Ultim’ora: scuole chiuse per ogni grado e istruzione | L’Italia ha deciso: porte sbarrate a tempo indeterminato

La scuola rimane chiusa - foto (C) teleone.it

La scuola rimane chiusa - foto (C) teleone.it

Questa volta è deciso, e non si torna indietro: fra poco le scuole chiudono tutti i cancelli.

Non è soltanto una questione che riguarda gli stipendi, ma in questo caso è in ballo, come sottolineano gli organizzatori, l’intero futuro della scuola pubblica italiana. Tante le ragioni per cui si arriva ad aprile con un preciso obiettivo, quello di far suonare la “sveglia” per il Governo, e per un contratto che, secondo i sindacati, peggiora le condizioni lavorative di chi lavora nella scuola.

Ed è per questa ragione – e per tante altre – che il 4 aprile prossimo, sarà il venerdì della prossima settimana – la scuola è stata chiamata a “fermarsi” totalmente. In piazza scenderanno sia i docenti che il personale ATA. La protesta è, appunto, finalizzata al netto rifiuto di un contratto che lascia scontenti in molti.
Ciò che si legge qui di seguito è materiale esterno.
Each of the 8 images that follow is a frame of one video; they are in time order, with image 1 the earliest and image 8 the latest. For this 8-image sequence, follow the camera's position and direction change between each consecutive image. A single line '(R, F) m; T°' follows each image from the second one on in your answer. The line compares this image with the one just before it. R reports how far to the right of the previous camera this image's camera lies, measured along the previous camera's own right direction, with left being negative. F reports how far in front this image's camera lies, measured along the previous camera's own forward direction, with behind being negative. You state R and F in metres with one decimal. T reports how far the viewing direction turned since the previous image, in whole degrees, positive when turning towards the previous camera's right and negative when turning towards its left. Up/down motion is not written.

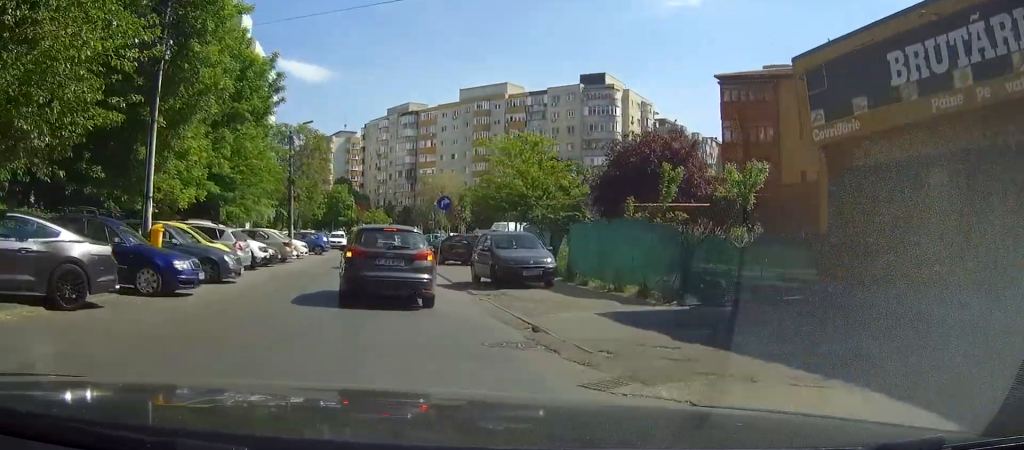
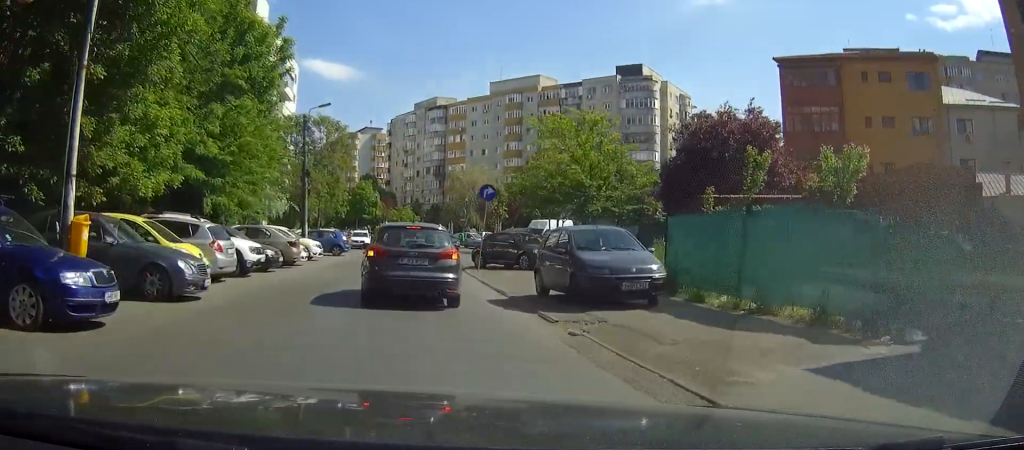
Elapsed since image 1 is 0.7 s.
(0.0, +6.3) m; -2°
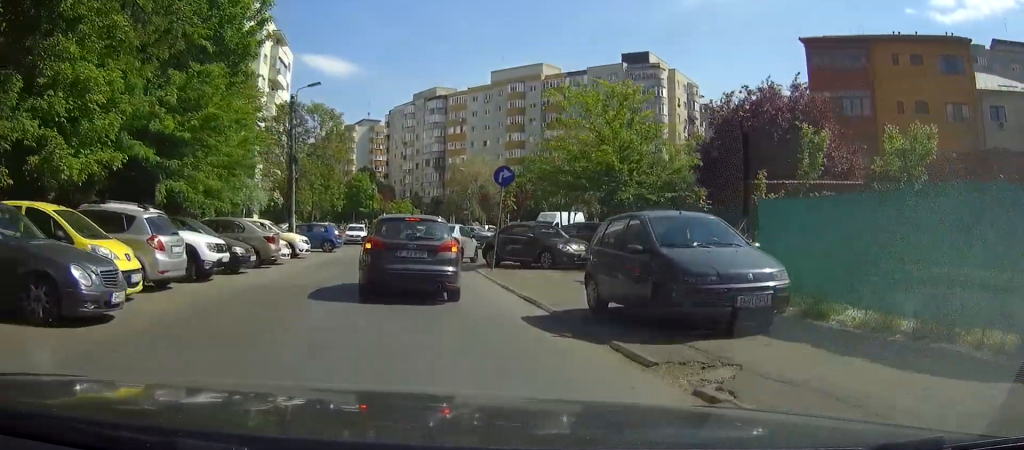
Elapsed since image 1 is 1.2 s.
(-0.1, +4.5) m; -1°
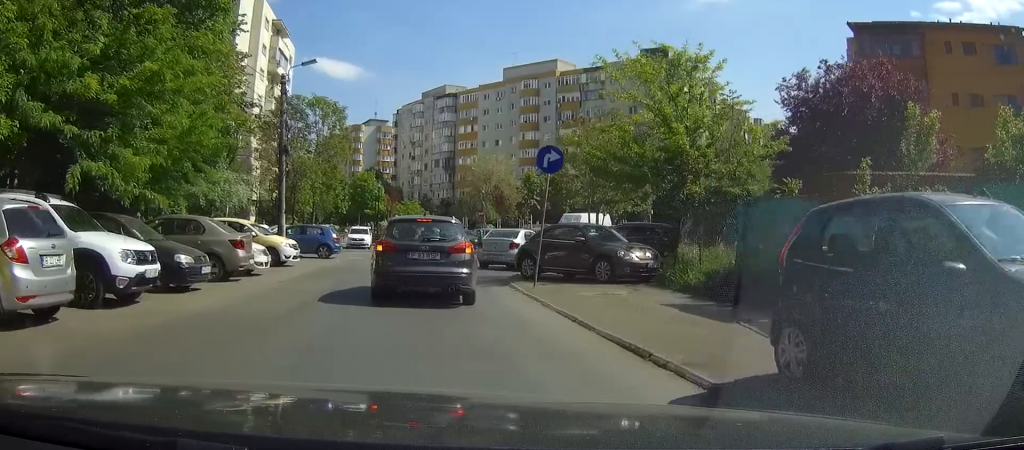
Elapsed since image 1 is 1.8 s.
(-0.1, +5.9) m; -2°
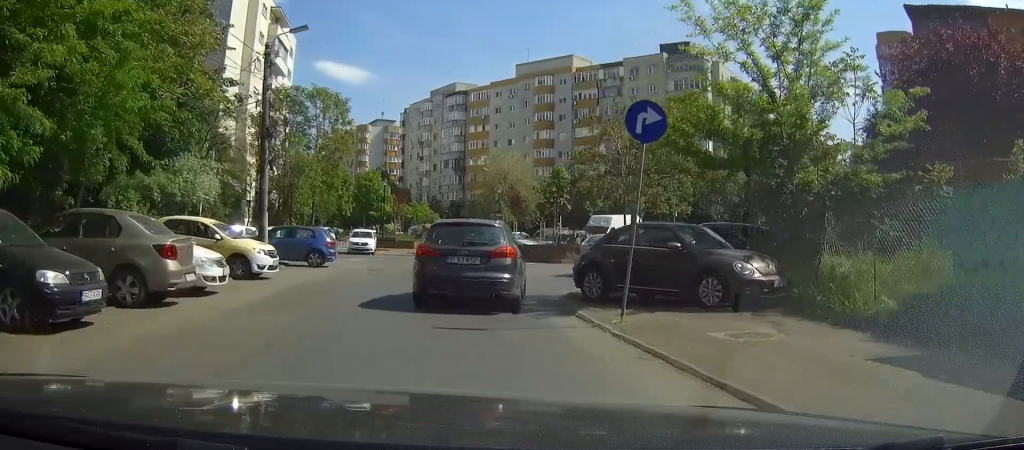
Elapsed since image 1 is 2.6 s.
(-0.1, +5.9) m; -2°
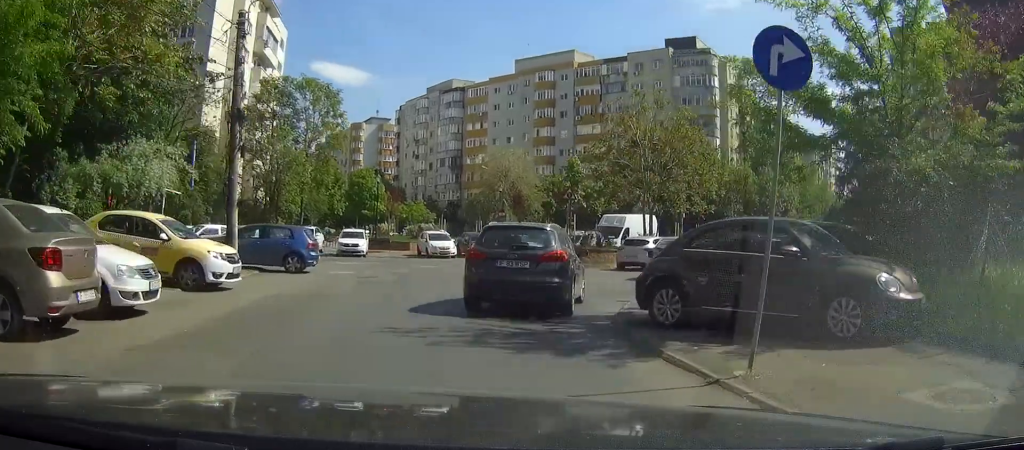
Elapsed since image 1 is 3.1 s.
(-0.1, +4.1) m; -1°
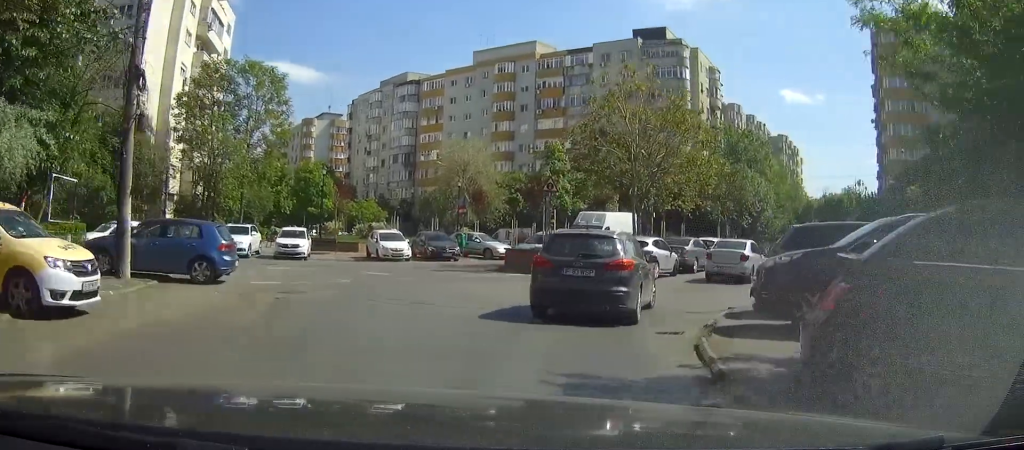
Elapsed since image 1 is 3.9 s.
(-0.1, +5.7) m; -1°
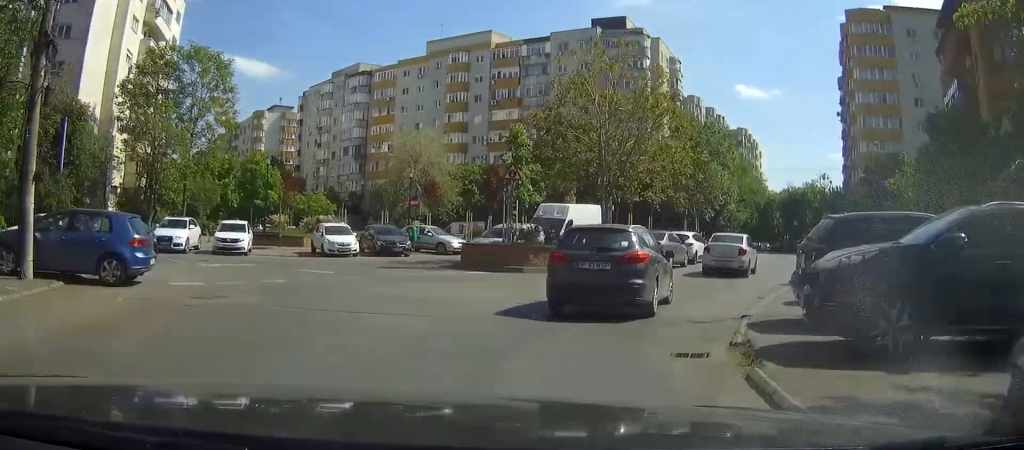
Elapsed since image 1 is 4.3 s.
(-0.1, +2.8) m; +2°

Ma andiamo a spiegare quel che sta accadendo. La contrattazione nel Pubblico Impiego ha visto l’USB protagonista di una lotta che ha influenzato anche CGIL e UIL, portandole a non firmare il contratto delle funzioni centrali.

E una situazione analoga si è verificata nei settori della Sanità e delle Funzioni locali. Adesso, invece, tocca proprio alla scuola, con oltre un milione di lavoratori coinvolti. Ma la grande protesta non nasce soltanto per una questione che riguarda “stipendi insufficienti”.
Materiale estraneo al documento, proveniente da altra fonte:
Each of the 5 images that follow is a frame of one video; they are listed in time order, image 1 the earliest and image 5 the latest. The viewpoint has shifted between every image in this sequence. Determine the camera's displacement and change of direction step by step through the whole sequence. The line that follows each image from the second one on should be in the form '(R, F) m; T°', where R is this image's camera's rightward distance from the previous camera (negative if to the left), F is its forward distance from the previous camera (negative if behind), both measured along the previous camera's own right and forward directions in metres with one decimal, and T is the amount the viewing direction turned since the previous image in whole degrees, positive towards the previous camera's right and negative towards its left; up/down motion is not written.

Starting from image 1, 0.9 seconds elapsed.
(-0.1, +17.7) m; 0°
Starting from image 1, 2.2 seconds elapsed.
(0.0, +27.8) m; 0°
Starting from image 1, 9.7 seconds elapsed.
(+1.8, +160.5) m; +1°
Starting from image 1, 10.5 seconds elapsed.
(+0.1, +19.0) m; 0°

Il nuovo contratto introduce un middle management con tutor e orientatori che opereranno come intermediari tra la dirigenza e il corpo docente, aumentando le disuguaglianze all’interno delle scuole. Se le cose vanno come previsto, dunque, si prospetta una giornata di totale caos e di “stop” generale per le scuole, con banchi vuoi e studenti fuori dai cancelli. Ma andiamo ad approfondire quali sono alcune delle difficoltà emerse nel settore, e i perché delle proteste.

Ma intanto, i guadagni degli italiani sono fra i più bassi d’Europa

Ad ogni modo, quel che certifica l’OCSE è un dato abbastanza allarmante, dal quale si può partire per intuire lo stato d’animo generale. Gli stipendi dei docenti italiani, infatti, sono tra i più bassi d’Europa. Una situazione che, con l’attuale inflazione, si fa sempre più critica. Proprio secondo l’ultimo rapporto, gli insegnanti italiani guadagnano meno rispetto ai colleghi europei, con differenze significative rispetto a paesi come Germania, Francia e Spagna. A peggiorare la situazione, un’inflazione al 16% che erode il potere d’acquisto.

I contratti pubblici, non adeguati all’aumento del costo della vita, non garantirebbero più, di conseguenza, un reddito “dignitoso”. Il governo ha proposto un incremento del 5,78%, una percentuale insufficiente a colmare il divario con l’inflazione reale. In altre parole, gli stipendi dei docenti italiani subiranno un’ulteriore perdita di oltre il 10%, rendendo la professione sempre meno attrattiva per i giovani laureati.

Protesta Usb scuola - foto teleone.it
Protesta Usb scuola – foto teleone.it

Una protesta che viene definita “necessaria”, e fra due settimane si ferma tutto

Sono diverse, dunque, le ragioni del malcontento. E i sindacati fanno aumentare notevolmente le motivazioni secondo le quali il nuovo contratto debba essere assolutamente rifiutato. L’USB ha risposto all’appello di studenti e lavoratori, convocando lo sciopero generale della scuola per il venerdì della prossima settimana, il 4 aprile. Le manifestazioni principali si terranno a Roma, in viale Trastevere, ma la protesta si ripeterà anche in numerose altre città italiane.

Al malcontento generale, ed oltre all’organizzazione dello sciopero del 4, c’è in programma anche un altro appuntamento decisivo, che è rappresentato dalle elezioni per il rinnovo delle RSU, in programma dal 14 al 16 aprile. Si tratterà, anche in questo caso, di un’altra occasione per riportare al centro il valore della scuola pubblica e far sentire la voce di chi ogni giorno lavora nelle aule. Secondo gli organizzatori, insomma, sarebbe questo il momento giusto per passare dalla rabbia all’azione concreta. La scuola pubblica, in poche parole, deve tornare a essere un luogo di crescita, e non un settore sempre più “precarizzato”.